# Macquarie or Commsec for CFDs?



## Billionaire (27 April 2008)

Hi,

I'm fairly new to CFD's but have been (pt) trading shares and options for 10 years now. I'm also an old Sanford customer, and now Commsec. 

My options are basically commsec and Macquarie - the safest from going bust in a worst case scenario (IMHO). 

Can anyone share any opinions on the Macquarie or Commsec platform? Charting facilities? 

Also, and I know this if way off topic, but does CityIndex allow you to trade Aussie stocks/cfds?

Thanks in advance!


----------



## sam76 (27 April 2008)

PRIME has no charting facilities.


----------



## Billionaire (27 April 2008)

No Charting facilities... (hmph!)

I'll be trading at work, so I guess I'll be signing up with Commsec (at least for now)...

Thanks


----------



## Tukker (12 October 2011)

Is perhaps this thread worthy of an update?  

What say our experienced ones?  I am looking to make a dabble in cfds and think Macquarie has what im looking for.

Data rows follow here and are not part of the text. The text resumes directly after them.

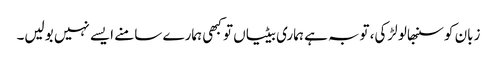
زبان کو سنبھالو لڑکی، توبہ ہے ہماری بیٹیاں تو کبھی ہمارے سامنے ایسے نہیں بولیں۔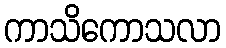
ကာသိကောသလာ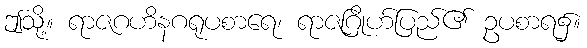
ဤသို့။ ရာဇဂဟိနဂရုပစာရေ၊ ရာဇဂြိုဟ်ပြည်၏ ဥပစာရ၌။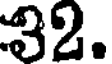
32.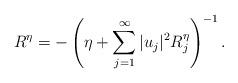
LaTeX: \begin{align*}R^\eta = -\left(\eta + \sum_{j=1}^\infty |u_j|^2 R_j^\eta\right)^{-1}.\end{align*}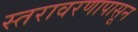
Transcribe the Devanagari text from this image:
स्तरावरणापासून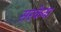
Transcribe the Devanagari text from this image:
सरकेना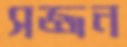
সজ্জন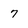
Character: 7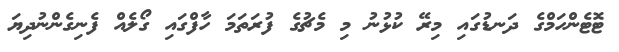
ޓޮޓެންހަމްގެ ދަނޑުގައި މިރޭ ކުޅުނު މި މެޗުގެ ފުރަތަމަ ހާފްގައި ގޯލެއް ފެނިގެންނުދިޔަ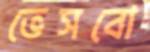
ভেসবো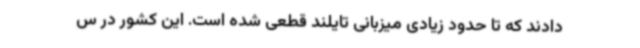
دادند که تا حدود زیادی میزبانی تایلند قطعی شده است. این کشور در س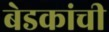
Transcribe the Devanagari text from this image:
बेडकांची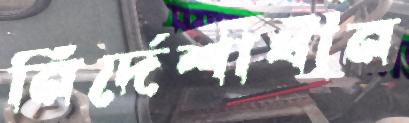
নির্দেশাধীন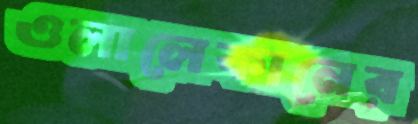
ওলালেকানের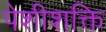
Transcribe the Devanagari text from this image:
पेशीशक्ति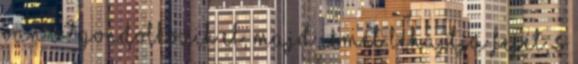
van ő? Gondolkozik el, majd ismét lehajtja fejét, s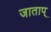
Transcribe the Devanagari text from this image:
जाताप्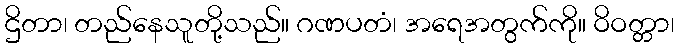
ဌိတာ၊ တည်နေသူတို့သည်။ ဂဏပတံ၊ အရေအတွက်ကို။ ဝိဝတ္တာ၊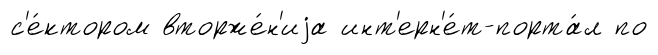
с'е́ктором вторже́н'иjа инт'ерн'е́т-порта́л по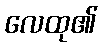
လေထု၏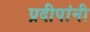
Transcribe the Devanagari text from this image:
प्रदीपांनी

Regulation, service, value.

- 500+ ASX listed securities 
- Direct market price
- Minimum of $10 then from 0.06% to 0.16%(of Contract value)depending on turnover. (little pricey) 
- Stand alone - web browser 
- with GSL - from 1% - without GSL - from 5%
- +/- 2.5% RBA overnight cash rate
- standard stop loss - free. GSL - price quoted at time of order, from 0.20% 
- Bank account security for your funds

Any other ideas to be shared?


----------



## LostMyShirt (16 October 2011)

I did ve Maq Prime a call the other day as on an old thread somewher, _Nomore4s_ mentioned he had achieved some satisfaction with them. They do require 5K minimum balance, and am unaware of their platform.

If it is true they have no charting facility, it would be worth going with one that does, and also offers DMA, for an extra broker charge.

IG Markets is going to be my provider for DMA's. Their charges are fair, the charting is sub-par, but it works and can always be checked on another website for comparison.

I do realize that your thread was not asking about IG, but since I am an account holder I just thought it would be benificial to mention. I will also say that their DMA-CFD range, I believe, is not equal the the amount that Maq prime boasts. I think so, I don't know - haven't done a comparison.


----------